• [TASK INPUTS]:
::::::::

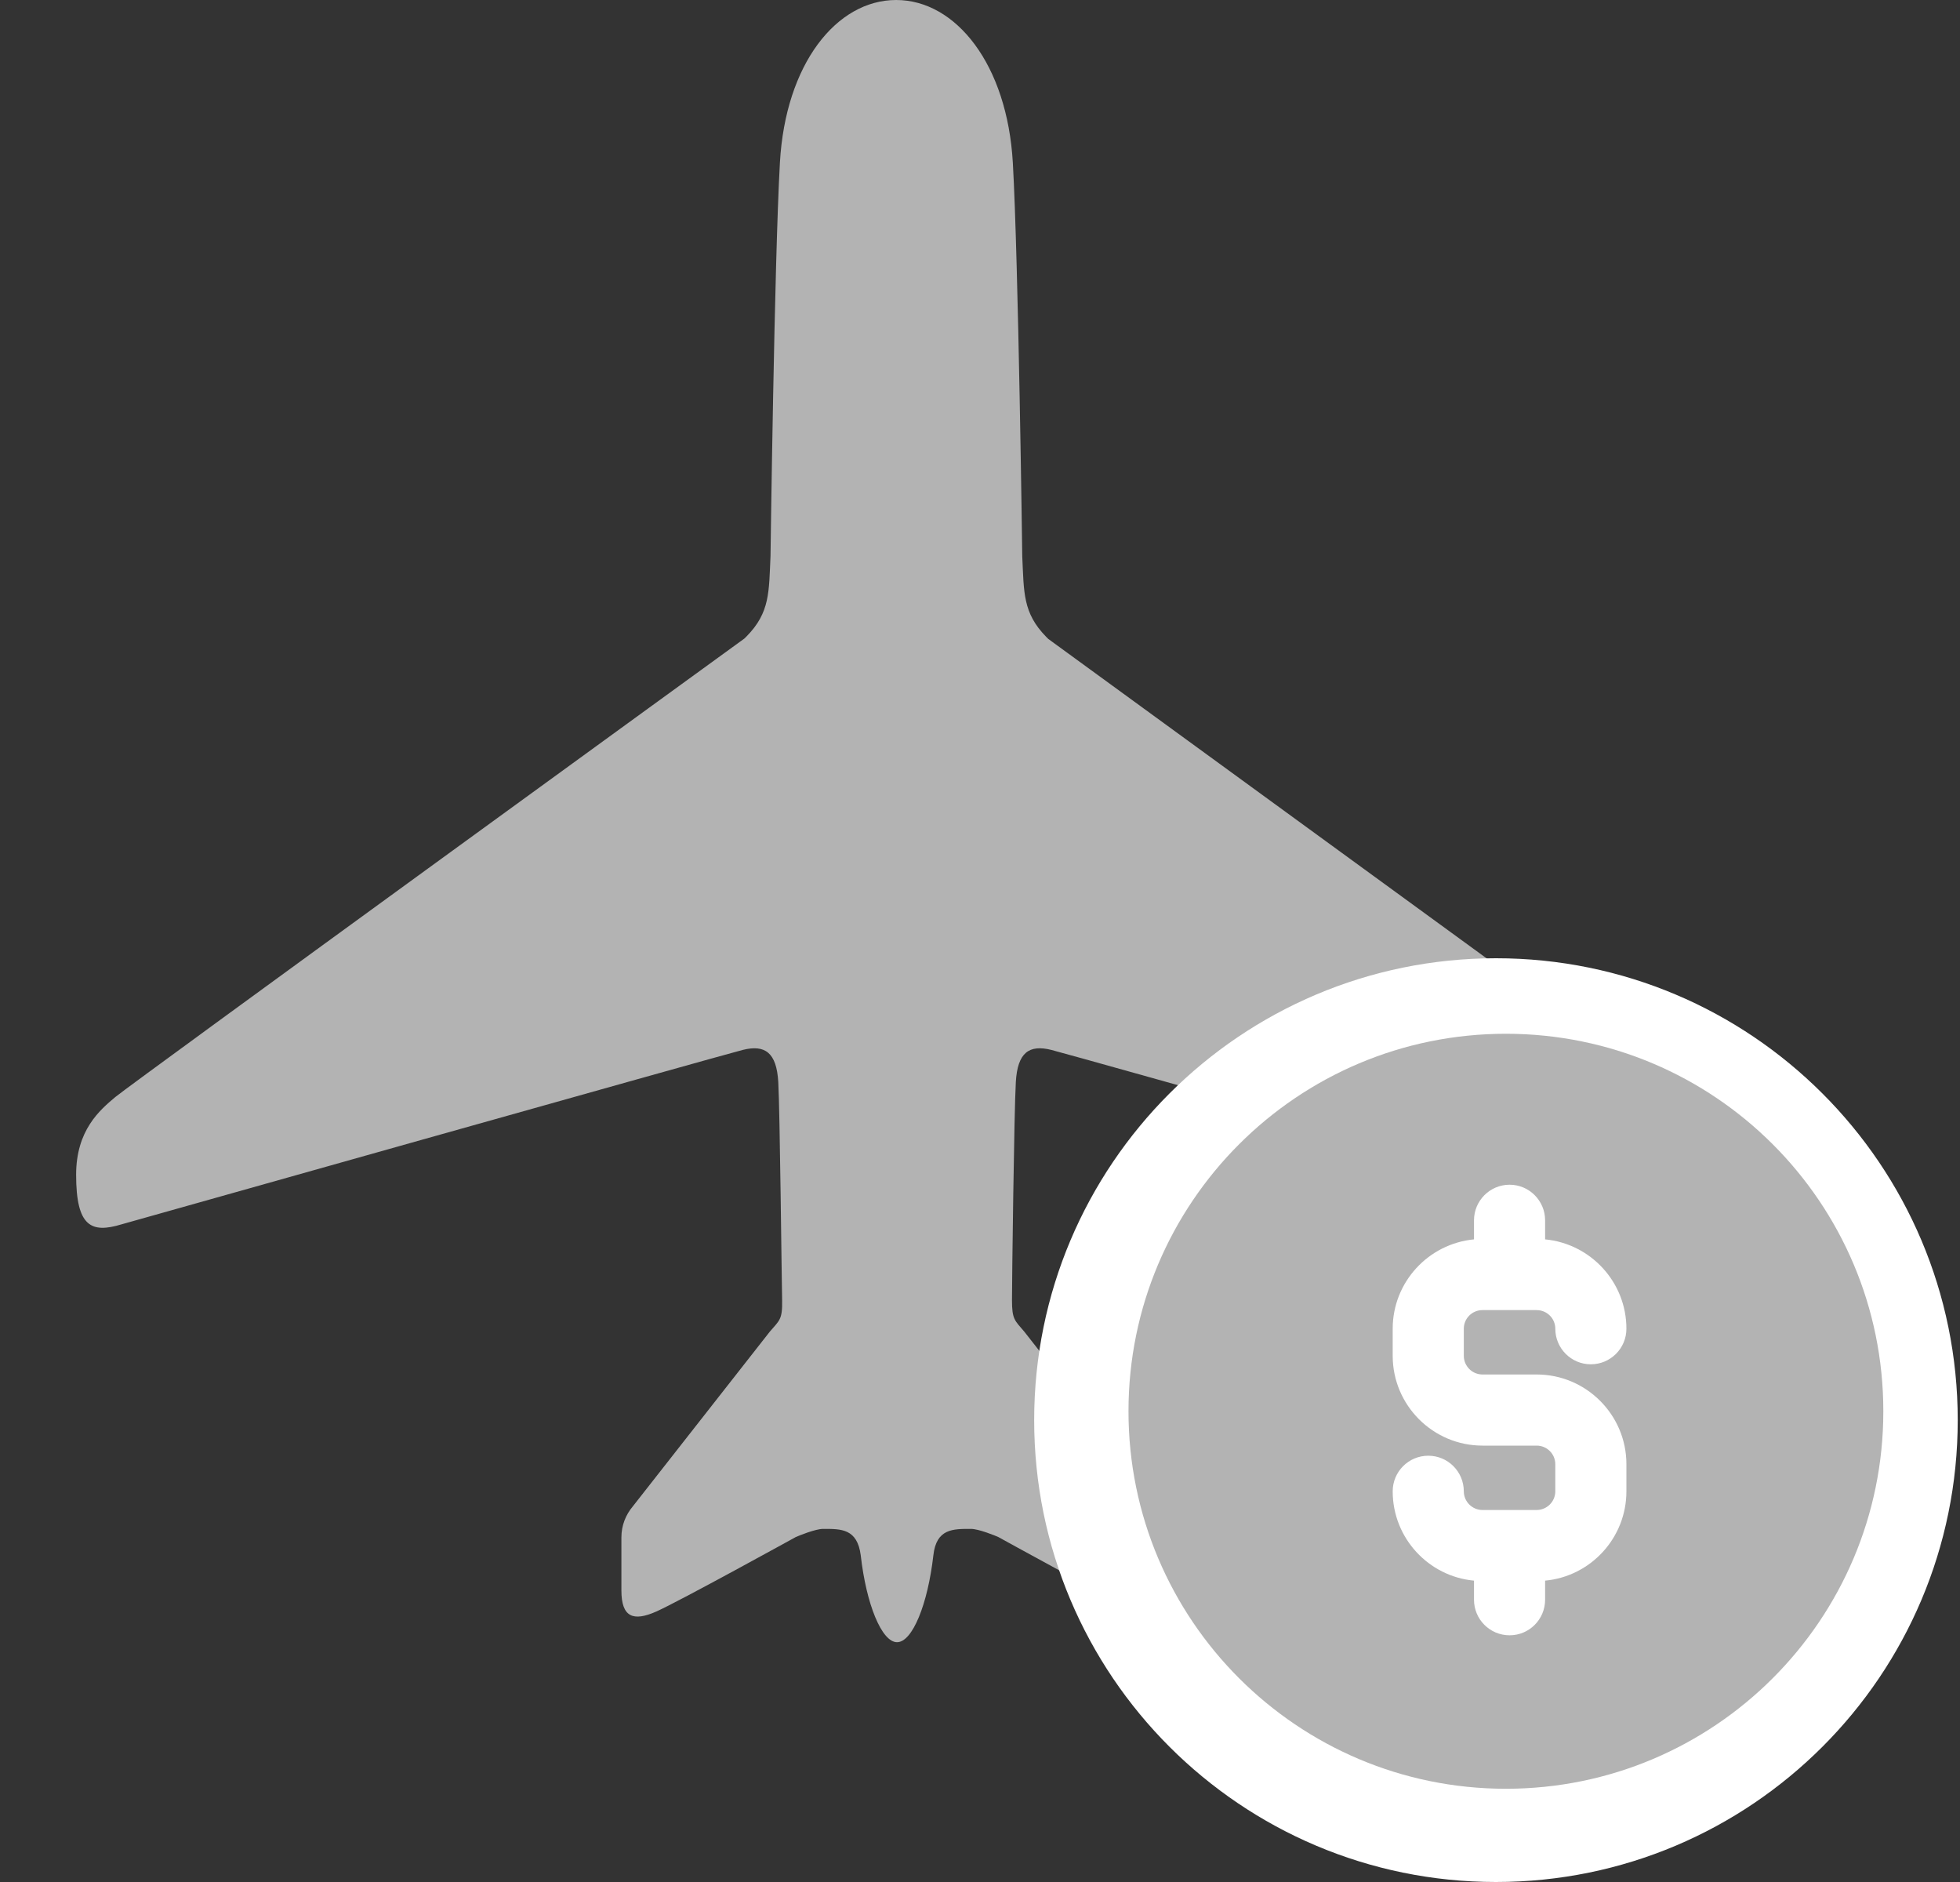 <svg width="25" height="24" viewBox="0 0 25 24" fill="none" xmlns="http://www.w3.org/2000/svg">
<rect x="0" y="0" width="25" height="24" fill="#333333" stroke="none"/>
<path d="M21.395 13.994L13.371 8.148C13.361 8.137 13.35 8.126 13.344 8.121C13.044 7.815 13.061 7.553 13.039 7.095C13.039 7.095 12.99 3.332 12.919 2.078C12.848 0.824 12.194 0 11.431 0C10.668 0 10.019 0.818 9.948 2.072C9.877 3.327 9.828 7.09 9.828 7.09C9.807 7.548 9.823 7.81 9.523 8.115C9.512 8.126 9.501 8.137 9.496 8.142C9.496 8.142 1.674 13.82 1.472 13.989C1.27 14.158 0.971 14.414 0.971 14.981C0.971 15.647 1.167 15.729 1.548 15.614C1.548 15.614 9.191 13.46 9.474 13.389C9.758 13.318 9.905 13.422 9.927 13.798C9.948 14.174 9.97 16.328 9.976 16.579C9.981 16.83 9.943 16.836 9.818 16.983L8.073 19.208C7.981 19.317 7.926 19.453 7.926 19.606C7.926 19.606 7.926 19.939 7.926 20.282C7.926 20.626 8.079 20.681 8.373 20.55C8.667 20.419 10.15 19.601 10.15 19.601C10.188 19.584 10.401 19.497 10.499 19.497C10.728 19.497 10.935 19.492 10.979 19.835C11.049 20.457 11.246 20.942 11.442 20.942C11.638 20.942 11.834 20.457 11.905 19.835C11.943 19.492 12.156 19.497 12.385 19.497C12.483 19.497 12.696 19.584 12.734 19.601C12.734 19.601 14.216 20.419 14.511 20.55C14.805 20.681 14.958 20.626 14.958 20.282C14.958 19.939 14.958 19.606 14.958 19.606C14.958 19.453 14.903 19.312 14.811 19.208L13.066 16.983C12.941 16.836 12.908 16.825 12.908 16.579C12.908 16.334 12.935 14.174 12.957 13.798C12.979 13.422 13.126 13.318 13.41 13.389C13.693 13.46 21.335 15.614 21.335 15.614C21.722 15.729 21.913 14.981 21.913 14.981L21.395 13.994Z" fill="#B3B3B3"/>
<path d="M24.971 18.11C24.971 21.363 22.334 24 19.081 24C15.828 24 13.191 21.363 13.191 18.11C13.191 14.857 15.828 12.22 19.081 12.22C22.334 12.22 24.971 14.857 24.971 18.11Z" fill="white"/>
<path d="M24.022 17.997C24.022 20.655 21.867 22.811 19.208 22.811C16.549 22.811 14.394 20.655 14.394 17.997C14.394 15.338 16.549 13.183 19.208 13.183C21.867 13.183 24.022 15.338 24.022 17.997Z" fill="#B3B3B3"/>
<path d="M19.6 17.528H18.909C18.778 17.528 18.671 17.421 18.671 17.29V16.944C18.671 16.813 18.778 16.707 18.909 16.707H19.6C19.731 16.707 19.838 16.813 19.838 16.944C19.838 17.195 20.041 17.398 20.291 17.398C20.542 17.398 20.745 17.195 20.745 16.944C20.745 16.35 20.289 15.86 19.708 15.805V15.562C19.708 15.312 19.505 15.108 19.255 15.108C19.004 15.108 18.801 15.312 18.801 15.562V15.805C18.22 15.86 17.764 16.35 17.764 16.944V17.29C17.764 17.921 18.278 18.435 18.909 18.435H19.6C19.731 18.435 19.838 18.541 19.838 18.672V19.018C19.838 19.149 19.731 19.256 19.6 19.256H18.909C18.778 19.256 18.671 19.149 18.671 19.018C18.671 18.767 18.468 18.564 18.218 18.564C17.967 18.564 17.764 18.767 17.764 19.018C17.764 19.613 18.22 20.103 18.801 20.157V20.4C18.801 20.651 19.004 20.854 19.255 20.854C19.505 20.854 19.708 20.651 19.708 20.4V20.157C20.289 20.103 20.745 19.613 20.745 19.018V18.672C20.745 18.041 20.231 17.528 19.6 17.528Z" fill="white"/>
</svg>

::::::::

• [EXERCISE DETAILS]:
Repeat the material line for line. Pictures stay out of the copy.

• [ANSWER AREA]:
 <svg width="25" height="24" viewBox="0 0 25 24" fill="none" xmlns="http://www.w3.org/2000/svg">
<rect x="0" y="0" width="25" height="24" fill="#333333" stroke="none"/>
<path d="M21.395 13.994L13.371 8.148C13.361 8.137 13.35 8.126 13.344 8.121C13.044 7.815 13.061 7.553 13.039 7.095C13.039 7.095 12.99 3.332 12.919 2.078C12.848 0.824 12.194 0 11.431 0C10.668 0 10.019 0.818 9.948 2.072C9.877 3.327 9.828 7.09 9.828 7.09C9.807 7.548 9.823 7.81 9.523 8.115C9.512 8.126 9.501 8.137 9.496 8.142C9.496 8.142 1.674 13.82 1.472 13.989C1.27 14.158 0.971 14.414 0.971 14.981C0.971 15.647 1.167 15.729 1.548 15.614C1.548 15.614 9.191 13.46 9.474 13.389C9.758 13.318 9.905 13.422 9.927 13.798C9.948 14.174 9.97 16.328 9.976 16.579C9.981 16.83 9.943 16.836 9.818 16.983L8.073 19.208C7.981 19.317 7.926 19.453 7.926 19.606C7.926 19.606 7.926 19.939 7.926 20.282C7.926 20.626 8.079 20.681 8.373 20.55C8.667 20.419 10.15 19.601 10.15 19.601C10.188 19.584 10.401 19.497 10.499 19.497C10.728 19.497 10.935 19.492 10.979 19.835C11.049 20.457 11.246 20.942 11.442 20.942C11.638 20.942 11.834 20.457 11.905 19.835C11.943 19.492 12.156 19.497 12.385 19.497C12.483 19.497 12.696 19.584 12.734 19.601C12.734 19.601 14.216 20.419 14.511 20.55C14.805 20.681 14.958 20.626 14.958 20.282C14.958 19.939 14.958 19.606 14.958 19.606C14.958 19.453 14.903 19.312 14.811 19.208L13.066 16.983C12.941 16.836 12.908 16.825 12.908 16.579C12.908 16.334 12.935 14.174 12.957 13.798C12.979 13.422 13.126 13.318 13.41 13.389C13.693 13.46 21.335 15.614 21.335 15.614C21.722 15.729 21.913 14.981 21.913 14.981L21.395 13.994Z" fill="#B3B3B3"/>
<path d="M24.971 18.11C24.971 21.363 22.334 24 19.081 24C15.828 24 13.191 21.363 13.191 18.11C13.191 14.857 15.828 12.22 19.081 12.22C22.334 12.22 24.971 14.857 24.971 18.11Z" fill="white"/>
<path d="M24.022 17.997C24.022 20.655 21.867 22.811 19.208 22.811C16.549 22.811 14.394 20.655 14.394 17.997C14.394 15.338 16.549 13.183 19.208 13.183C21.867 13.183 24.022 15.338 24.022 17.997Z" fill="#B3B3B3"/>
<path d="M19.6 17.528H18.909C18.778 17.528 18.671 17.421 18.671 17.29V16.944C18.671 16.813 18.778 16.707 18.909 16.707H19.6C19.731 16.707 19.838 16.813 19.838 16.944C19.838 17.195 20.041 17.398 20.291 17.398C20.542 17.398 20.745 17.195 20.745 16.944C20.745 16.35 20.289 15.86 19.708 15.805V15.562C19.708 15.312 19.505 15.108 19.255 15.108C19.004 15.108 18.801 15.312 18.801 15.562V15.805C18.22 15.86 17.764 16.35 17.764 16.944V17.29C17.764 17.921 18.278 18.435 18.909 18.435H19.6C19.731 18.435 19.838 18.541 19.838 18.672V19.018C19.838 19.149 19.731 19.256 19.6 19.256H18.909C18.778 19.256 18.671 19.149 18.671 19.018C18.671 18.767 18.468 18.564 18.218 18.564C17.967 18.564 17.764 18.767 17.764 19.018C17.764 19.613 18.22 20.103 18.801 20.157V20.4C18.801 20.651 19.004 20.854 19.255 20.854C19.505 20.854 19.708 20.651 19.708 20.4V20.157C20.289 20.103 20.745 19.613 20.745 19.018V18.672C20.745 18.041 20.231 17.528 19.6 17.528Z" fill="white"/>
</svg>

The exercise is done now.